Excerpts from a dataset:
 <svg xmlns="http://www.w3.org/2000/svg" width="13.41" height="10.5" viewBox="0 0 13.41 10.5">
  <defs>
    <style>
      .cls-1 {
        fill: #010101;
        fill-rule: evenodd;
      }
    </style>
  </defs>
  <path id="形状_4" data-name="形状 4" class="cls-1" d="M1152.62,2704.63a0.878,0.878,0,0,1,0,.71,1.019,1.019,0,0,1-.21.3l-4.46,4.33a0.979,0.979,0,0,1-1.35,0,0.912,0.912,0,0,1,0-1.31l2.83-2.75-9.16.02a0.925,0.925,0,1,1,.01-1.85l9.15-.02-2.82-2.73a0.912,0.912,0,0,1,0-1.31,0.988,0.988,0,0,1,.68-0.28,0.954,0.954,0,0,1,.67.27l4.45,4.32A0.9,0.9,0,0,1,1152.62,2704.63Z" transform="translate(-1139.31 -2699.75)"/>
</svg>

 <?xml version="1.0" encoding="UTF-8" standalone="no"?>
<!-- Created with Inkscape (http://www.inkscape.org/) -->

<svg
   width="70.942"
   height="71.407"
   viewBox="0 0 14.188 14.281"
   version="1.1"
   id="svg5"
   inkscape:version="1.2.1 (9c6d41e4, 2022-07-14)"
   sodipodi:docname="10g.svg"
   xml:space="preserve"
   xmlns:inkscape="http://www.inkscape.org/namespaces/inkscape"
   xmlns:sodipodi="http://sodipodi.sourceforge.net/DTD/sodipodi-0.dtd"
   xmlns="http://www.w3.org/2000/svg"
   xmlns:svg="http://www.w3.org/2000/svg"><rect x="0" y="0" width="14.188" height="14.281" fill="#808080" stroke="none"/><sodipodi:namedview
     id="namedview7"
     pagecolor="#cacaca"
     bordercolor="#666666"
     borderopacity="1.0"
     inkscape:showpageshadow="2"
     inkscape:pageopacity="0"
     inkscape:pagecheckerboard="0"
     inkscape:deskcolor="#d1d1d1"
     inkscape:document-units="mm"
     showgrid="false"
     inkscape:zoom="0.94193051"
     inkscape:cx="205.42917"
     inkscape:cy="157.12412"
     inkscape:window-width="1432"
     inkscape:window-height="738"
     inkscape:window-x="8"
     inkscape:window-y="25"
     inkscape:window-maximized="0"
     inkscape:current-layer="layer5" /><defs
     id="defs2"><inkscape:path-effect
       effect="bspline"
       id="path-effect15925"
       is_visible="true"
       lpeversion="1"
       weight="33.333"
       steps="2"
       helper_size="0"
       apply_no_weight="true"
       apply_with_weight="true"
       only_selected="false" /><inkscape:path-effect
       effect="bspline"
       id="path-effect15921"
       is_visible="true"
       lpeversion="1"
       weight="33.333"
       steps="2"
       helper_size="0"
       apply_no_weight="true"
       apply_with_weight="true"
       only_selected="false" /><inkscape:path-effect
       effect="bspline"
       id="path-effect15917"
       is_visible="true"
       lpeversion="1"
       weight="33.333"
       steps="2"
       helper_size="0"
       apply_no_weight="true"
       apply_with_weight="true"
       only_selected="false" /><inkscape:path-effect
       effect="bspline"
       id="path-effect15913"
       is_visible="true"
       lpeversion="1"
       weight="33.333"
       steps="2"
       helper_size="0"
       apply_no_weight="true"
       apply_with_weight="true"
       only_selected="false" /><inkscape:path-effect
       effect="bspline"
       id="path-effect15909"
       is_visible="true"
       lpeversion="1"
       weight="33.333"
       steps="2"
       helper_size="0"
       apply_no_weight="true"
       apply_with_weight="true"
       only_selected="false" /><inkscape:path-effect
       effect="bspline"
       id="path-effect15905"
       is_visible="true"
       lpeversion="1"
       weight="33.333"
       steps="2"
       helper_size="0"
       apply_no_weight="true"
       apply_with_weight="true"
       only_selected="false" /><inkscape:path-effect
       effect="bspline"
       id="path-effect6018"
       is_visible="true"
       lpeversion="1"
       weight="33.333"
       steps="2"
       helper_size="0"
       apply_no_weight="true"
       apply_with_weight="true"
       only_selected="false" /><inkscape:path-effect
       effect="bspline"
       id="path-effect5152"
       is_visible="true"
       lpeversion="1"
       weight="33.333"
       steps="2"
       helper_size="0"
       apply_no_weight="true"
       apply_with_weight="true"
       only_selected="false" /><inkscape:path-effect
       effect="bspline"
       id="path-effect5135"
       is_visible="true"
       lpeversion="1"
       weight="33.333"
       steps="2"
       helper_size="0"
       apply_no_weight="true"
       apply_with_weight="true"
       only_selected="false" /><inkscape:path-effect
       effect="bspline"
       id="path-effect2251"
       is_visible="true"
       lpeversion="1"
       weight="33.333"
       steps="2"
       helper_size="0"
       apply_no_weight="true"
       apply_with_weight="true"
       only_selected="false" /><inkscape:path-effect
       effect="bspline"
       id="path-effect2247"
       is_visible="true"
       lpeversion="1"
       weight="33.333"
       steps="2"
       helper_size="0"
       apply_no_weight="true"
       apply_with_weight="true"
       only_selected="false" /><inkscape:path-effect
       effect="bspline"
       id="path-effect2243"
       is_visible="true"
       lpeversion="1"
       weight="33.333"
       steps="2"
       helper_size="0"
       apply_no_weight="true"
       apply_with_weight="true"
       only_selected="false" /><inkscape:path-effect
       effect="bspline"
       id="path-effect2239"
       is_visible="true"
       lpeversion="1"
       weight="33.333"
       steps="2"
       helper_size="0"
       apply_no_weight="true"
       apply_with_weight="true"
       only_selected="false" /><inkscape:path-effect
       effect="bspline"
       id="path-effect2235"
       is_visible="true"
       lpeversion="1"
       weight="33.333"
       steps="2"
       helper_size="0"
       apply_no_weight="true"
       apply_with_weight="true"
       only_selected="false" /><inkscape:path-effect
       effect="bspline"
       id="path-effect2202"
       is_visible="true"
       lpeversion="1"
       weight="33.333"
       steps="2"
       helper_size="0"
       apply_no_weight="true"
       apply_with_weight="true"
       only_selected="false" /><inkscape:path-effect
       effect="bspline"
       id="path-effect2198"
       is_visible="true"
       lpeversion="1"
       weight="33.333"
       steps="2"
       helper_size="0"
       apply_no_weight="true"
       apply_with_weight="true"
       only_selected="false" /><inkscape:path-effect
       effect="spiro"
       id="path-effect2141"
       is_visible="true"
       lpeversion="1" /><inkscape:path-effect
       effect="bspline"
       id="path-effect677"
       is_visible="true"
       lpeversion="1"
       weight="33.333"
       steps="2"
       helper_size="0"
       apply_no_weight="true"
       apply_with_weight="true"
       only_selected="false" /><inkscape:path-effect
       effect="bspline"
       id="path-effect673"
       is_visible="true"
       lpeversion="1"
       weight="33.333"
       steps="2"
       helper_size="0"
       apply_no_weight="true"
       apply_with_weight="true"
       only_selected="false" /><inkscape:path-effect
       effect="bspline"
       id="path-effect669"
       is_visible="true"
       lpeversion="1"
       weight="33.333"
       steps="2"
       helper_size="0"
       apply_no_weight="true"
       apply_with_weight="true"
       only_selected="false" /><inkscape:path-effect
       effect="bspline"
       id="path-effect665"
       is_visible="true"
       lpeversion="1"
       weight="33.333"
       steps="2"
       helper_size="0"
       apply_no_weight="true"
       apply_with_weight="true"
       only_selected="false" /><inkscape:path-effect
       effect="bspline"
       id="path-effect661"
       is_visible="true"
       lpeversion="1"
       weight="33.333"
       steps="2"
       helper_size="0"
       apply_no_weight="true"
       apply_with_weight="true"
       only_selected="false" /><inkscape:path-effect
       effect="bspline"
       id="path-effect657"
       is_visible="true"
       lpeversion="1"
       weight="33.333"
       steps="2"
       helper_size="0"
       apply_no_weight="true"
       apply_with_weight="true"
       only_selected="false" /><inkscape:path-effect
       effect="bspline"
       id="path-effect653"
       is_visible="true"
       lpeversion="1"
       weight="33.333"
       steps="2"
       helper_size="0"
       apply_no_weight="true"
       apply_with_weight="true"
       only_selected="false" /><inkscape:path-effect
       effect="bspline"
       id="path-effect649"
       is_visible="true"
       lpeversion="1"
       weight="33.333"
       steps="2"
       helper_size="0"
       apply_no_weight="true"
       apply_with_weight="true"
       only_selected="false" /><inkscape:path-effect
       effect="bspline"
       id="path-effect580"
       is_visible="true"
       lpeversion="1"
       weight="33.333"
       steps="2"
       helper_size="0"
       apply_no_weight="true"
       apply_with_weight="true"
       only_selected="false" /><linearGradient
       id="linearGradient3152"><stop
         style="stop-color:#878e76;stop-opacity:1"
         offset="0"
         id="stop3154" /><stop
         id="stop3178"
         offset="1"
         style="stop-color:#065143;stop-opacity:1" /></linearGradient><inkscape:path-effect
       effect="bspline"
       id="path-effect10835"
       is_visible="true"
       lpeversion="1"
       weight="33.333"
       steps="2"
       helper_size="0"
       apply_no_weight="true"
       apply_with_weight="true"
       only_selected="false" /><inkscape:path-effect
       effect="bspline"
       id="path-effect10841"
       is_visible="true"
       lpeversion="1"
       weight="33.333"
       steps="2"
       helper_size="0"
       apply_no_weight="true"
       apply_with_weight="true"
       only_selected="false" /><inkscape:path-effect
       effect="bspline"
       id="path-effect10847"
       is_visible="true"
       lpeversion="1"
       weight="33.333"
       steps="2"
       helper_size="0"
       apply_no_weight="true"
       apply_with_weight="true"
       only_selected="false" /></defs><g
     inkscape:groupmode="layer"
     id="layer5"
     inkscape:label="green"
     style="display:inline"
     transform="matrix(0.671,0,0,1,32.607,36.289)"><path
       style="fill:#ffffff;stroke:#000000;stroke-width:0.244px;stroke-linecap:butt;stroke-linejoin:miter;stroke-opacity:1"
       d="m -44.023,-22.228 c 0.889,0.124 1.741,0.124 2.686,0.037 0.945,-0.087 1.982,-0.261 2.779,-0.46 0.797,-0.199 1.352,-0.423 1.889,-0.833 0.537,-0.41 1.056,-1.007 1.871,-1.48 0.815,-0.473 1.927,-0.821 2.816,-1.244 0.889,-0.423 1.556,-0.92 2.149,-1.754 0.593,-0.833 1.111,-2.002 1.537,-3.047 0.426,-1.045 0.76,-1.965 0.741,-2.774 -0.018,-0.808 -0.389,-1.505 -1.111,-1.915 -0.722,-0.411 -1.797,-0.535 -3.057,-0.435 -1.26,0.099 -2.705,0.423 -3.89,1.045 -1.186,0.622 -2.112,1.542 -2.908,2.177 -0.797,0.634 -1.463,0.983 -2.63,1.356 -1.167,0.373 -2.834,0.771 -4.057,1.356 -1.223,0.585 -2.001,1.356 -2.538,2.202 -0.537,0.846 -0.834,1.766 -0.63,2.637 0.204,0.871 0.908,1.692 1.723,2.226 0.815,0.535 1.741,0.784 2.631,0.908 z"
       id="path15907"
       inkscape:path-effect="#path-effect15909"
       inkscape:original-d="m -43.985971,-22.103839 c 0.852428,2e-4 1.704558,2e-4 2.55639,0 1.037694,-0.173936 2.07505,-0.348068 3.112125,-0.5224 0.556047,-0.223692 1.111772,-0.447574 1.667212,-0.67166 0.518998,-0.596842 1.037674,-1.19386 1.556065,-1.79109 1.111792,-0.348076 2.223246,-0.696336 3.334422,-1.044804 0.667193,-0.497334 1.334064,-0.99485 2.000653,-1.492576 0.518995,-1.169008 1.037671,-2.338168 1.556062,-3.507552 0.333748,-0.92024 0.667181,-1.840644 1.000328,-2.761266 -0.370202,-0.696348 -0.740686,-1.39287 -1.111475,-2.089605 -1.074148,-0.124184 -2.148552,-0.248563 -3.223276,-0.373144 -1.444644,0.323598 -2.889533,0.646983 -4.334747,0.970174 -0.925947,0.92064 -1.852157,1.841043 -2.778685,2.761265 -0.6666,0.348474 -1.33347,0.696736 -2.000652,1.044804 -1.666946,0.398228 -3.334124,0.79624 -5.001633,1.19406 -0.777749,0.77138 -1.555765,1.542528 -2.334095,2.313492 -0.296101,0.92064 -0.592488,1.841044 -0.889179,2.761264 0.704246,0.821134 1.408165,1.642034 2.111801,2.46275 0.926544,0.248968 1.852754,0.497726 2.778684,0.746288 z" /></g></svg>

• Directions
Report all lines of the data above that include the string "http".

• Expected output
 <svg xmlns="http://www.w3.org/2000/svg" width="13.41" height="10.5" viewBox="0 0 13.41 10.5">
<!-- Created with Inkscape (http://www.inkscape.org/) -->
   xmlns:inkscape="http://www.inkscape.org/namespaces/inkscape"
   xmlns:sodipodi="http://sodipodi.sourceforge.net/DTD/sodipodi-0.dtd"
   xmlns="http://www.w3.org/2000/svg"
   xmlns:svg="http://www.w3.org/2000/svg"><rect x="0" y="0" width="14.188" height="14.281" fill="#808080" stroke="none"/><sodipodi:namedview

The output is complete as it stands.